Syntactic Generalization in Natural Language Inference
Neural network models for natural language processing often perform very well on examples that are drawn from the same distribution as the training set. Do they accomplish such success by learning to solve the task as a human might solve it, or do they adopt heuristics that happen to work well on the data set in question, but do not reflect the normative definition of the task (how one “should” solve the task)? This question can be addressed effectively by testing how the system generalizes to examples constructed specifically to diagnose whether the system relies on such fallible heuristics. In my talk, I will discuss ongoing work applying this methodology to the natural language inference (NLI) task.

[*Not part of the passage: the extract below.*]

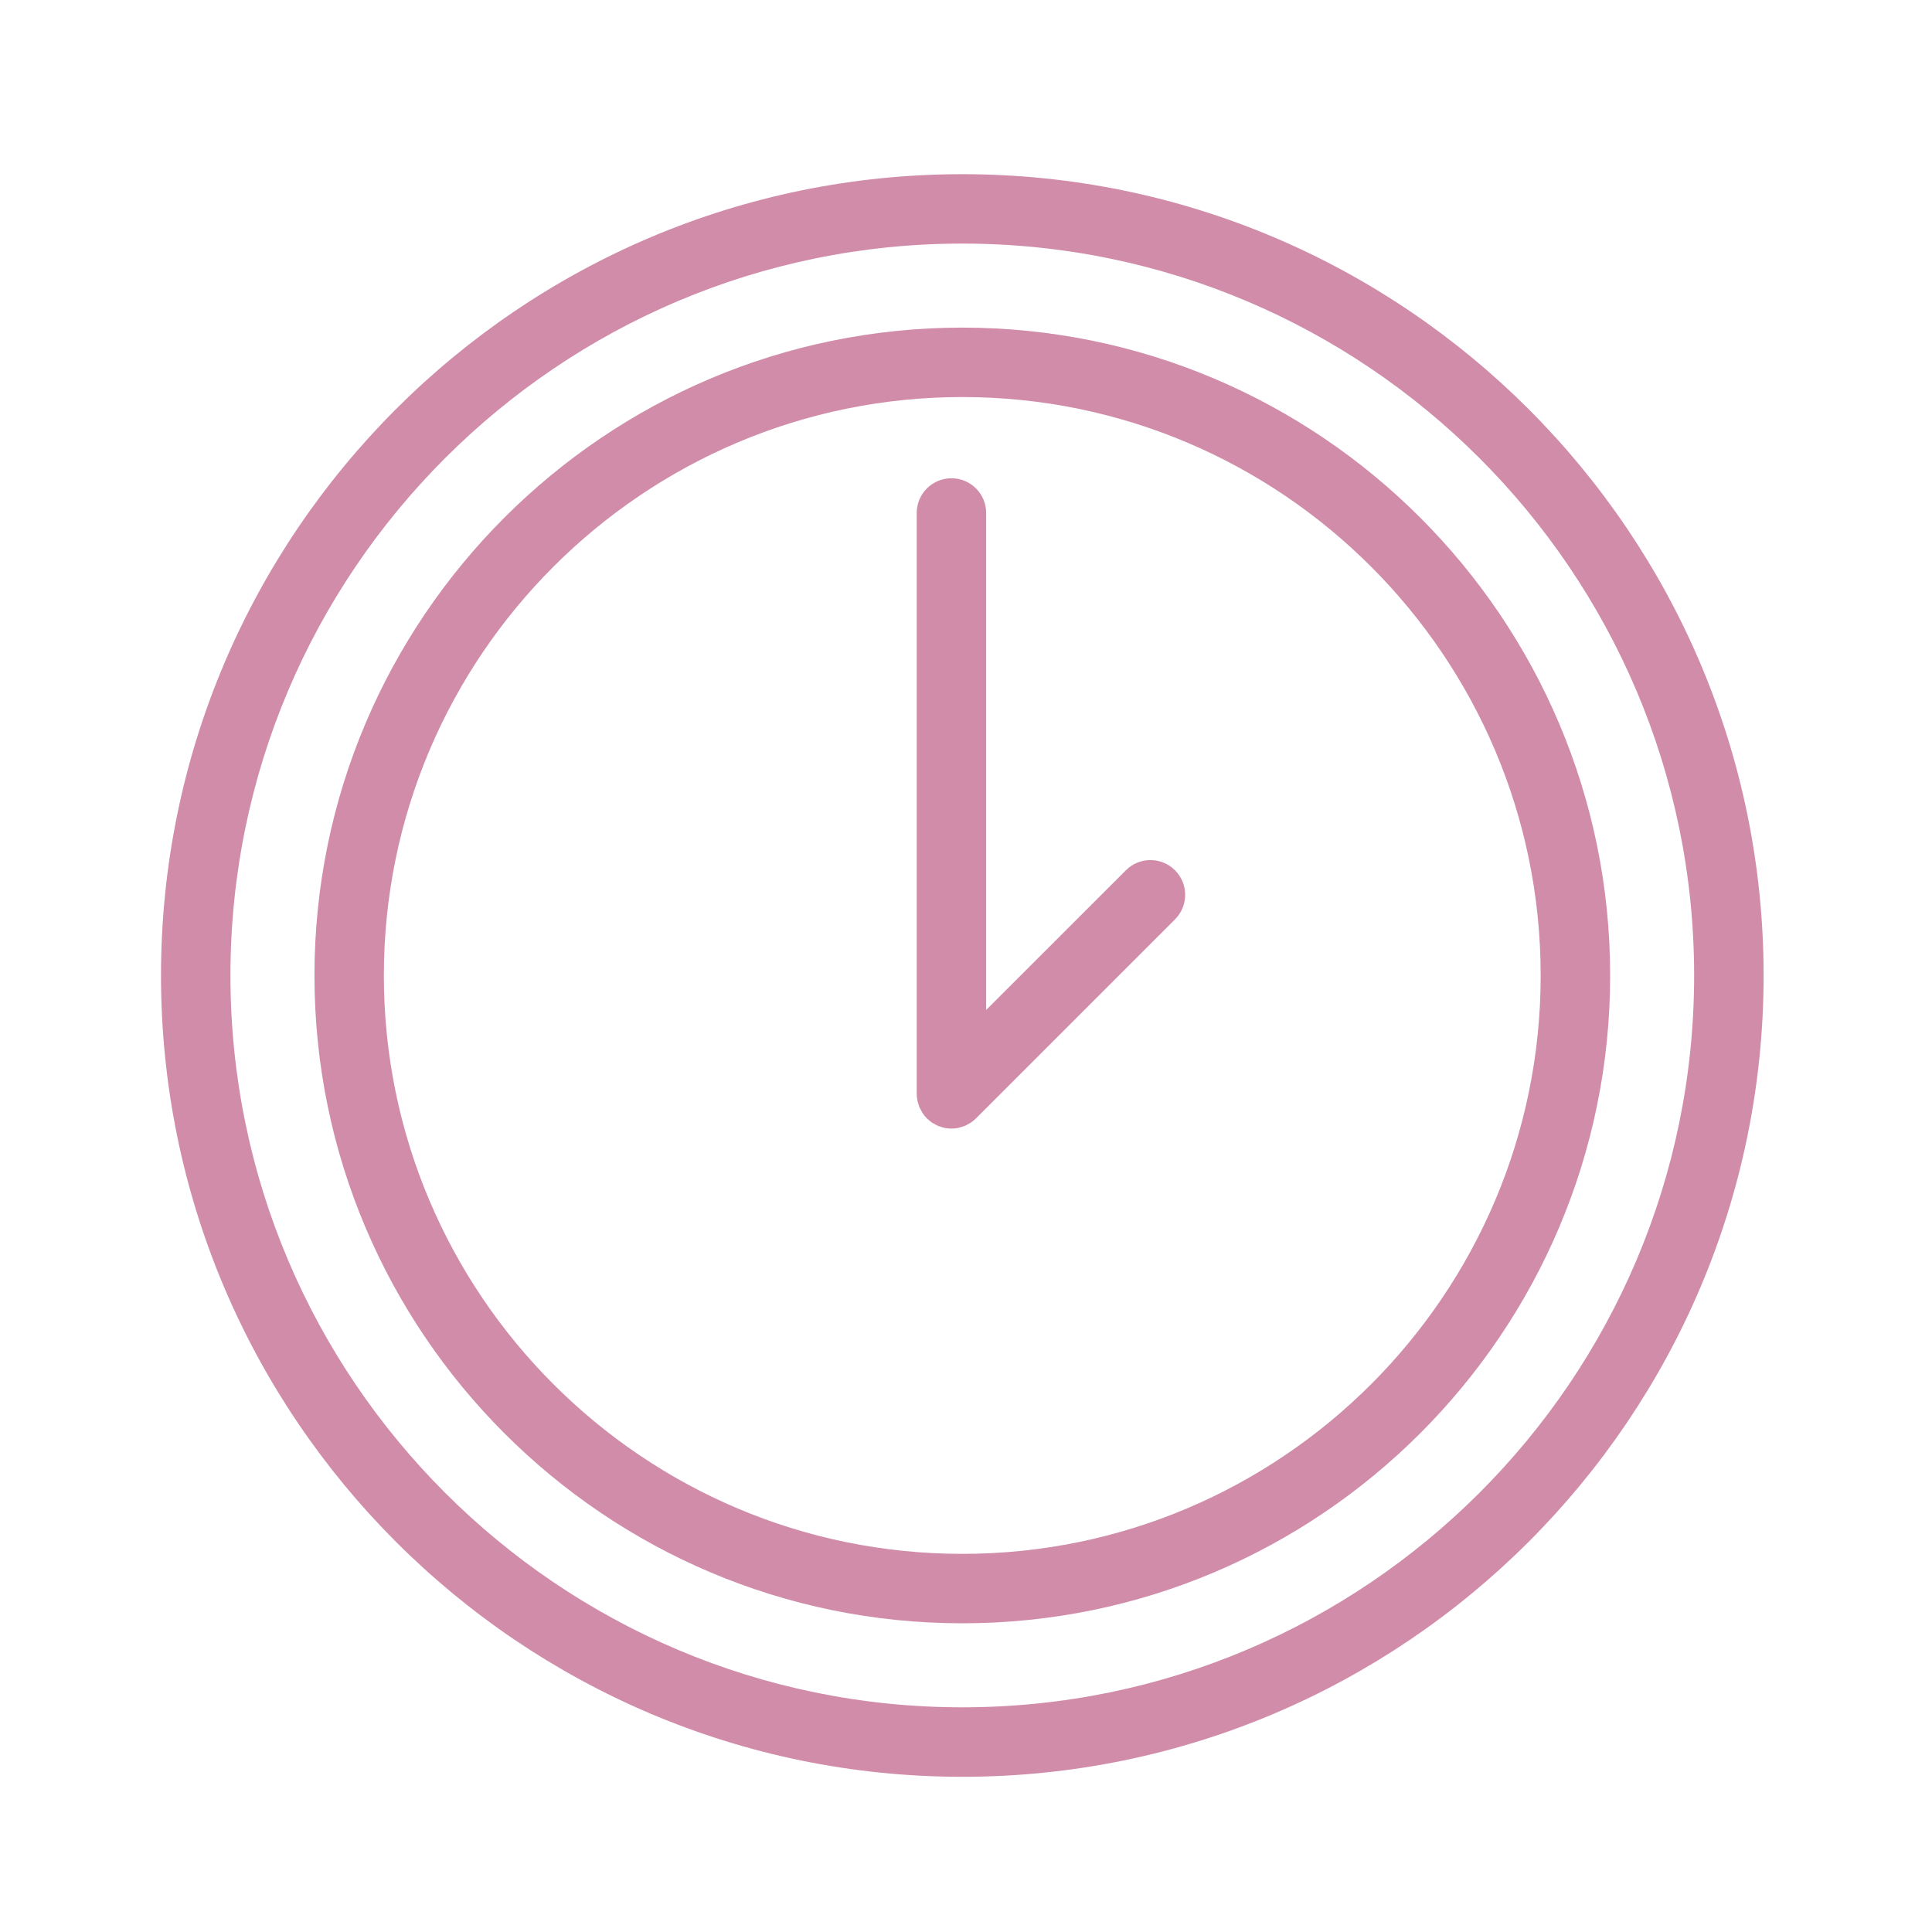 <?xml version="1.0" encoding="UTF-8"?> <svg xmlns="http://www.w3.org/2000/svg" width="51" height="51" viewBox="0 0 51 51" fill="none"> <path d="M25.402 8.648C15.972 8.648 8.301 16.32 8.301 25.75C8.301 35.179 15.973 42.851 25.402 42.851C34.832 42.851 42.504 35.179 42.504 25.75C42.504 16.32 34.832 8.648 25.402 8.648ZM25.402 41.018C16.983 41.018 10.133 34.169 10.133 25.75C10.133 17.331 16.983 10.481 25.402 10.481C33.821 10.481 40.67 17.331 40.67 25.75C40.67 34.169 33.821 41.018 25.402 41.018Z" fill="#D18CAA"></path> <path d="M29.721 22.973L26.032 26.661V13.541C26.032 13.035 25.622 12.625 25.116 12.625C24.609 12.625 24.199 13.035 24.199 13.541V28.873C24.199 28.934 24.205 28.994 24.218 29.054C24.223 29.08 24.232 29.104 24.24 29.129C24.249 29.161 24.257 29.194 24.27 29.225C24.283 29.256 24.3 29.283 24.316 29.312C24.328 29.336 24.339 29.36 24.354 29.383C24.421 29.484 24.508 29.57 24.609 29.638C24.628 29.651 24.648 29.659 24.667 29.669C24.7 29.688 24.731 29.707 24.766 29.722C24.794 29.733 24.823 29.739 24.851 29.748C24.88 29.757 24.907 29.768 24.937 29.774C24.996 29.785 25.056 29.792 25.116 29.792C25.176 29.792 25.236 29.786 25.295 29.774C25.325 29.767 25.353 29.757 25.382 29.748C25.41 29.739 25.438 29.733 25.466 29.722C25.501 29.707 25.534 29.687 25.567 29.668C25.586 29.658 25.605 29.65 25.623 29.638C25.674 29.604 25.722 29.565 25.765 29.521L31.017 24.269C31.375 23.911 31.375 23.331 31.017 22.973C30.659 22.614 30.079 22.614 29.721 22.973Z" fill="#D18CAA"></path> <path d="M25.402 4.598C13.739 4.598 4.25 14.086 4.25 25.75C4.25 37.414 13.739 46.903 25.402 46.903C37.065 46.903 46.555 37.414 46.555 25.75C46.555 14.087 37.065 4.598 25.402 4.598ZM25.402 45.069C14.749 45.069 6.083 36.403 6.083 25.75C6.083 15.097 14.749 6.43 25.402 6.43C36.055 6.43 44.721 15.097 44.721 25.75C44.721 36.403 36.055 45.069 25.402 45.069Z" fill="#D18CAA"></path> </svg>

I will show that a standard neural model — BERT fine-tuned on the MNLI corpus — achieves high accuracy on the MNLI test set, but shows little sensitivity to syntactic structure when tested on our diagnostic data set (HANS); instead, the model relies on word overlap between the premise and the hypothesis, and concludes, for example, that “the doctor visited the lawyer” entails “the lawyer visited the doctor”. While accuracy on the test set is very stable across fine-tuning runs with different weight initializations, generalization behavior varies widely, with accuracy on some classes of examples ranging from 0% to 66%. Finally, augmenting the training set with a moderate number of examples that contradict the word overlap heuristic leads to a dramatic improvement in generalization accuracy. This improvement generalizes to constructions that were not included in the augmentation set. Overall, our results suggest that the syntactic deficiencies of the fine-tuned model do not arise primarily from poor abstract syntactic representations in the underlying BERT model; rather, because of its weak inductive bias, BERT requires a strong fine-tuning signal to favor those syntactic representations over simpler heuristics.
Tal Linzen is an assistant professor of cognitive science (with a joint appointment in Computer Science) at Johns Hopkins University, and affiliated faculty at the JHU Center for Language and Speech Processing. Before moving to Johns Hopkins, he was a postdoctoral researcher at the École Normale Supérieure in Paris, and before that he obtained his PhD from the Department of Linguistics at New York University. At Johns Hopkins, Tal directs the Computation and Psycholinguistics Lab, which develops computational models of human language comprehension and acquisition, as well as psycholinguistically-informed methods for interpreting, evaluating and extending neural network models for natural language processing. The lab’s work has appeared in venues such as ACL, CoNLL, EMNLP, ICLR, NAACL and TACL, as well as in journals such as Cognitive Science and Journal of Neuroscience. Tal co-organized the first two editions of the BlackboxNLP Workshop on Analyzing and Interpreting Neural Networks for NLP (EMNLP 2018, ACL 2019) and is a co-chair of CoNLL 2020.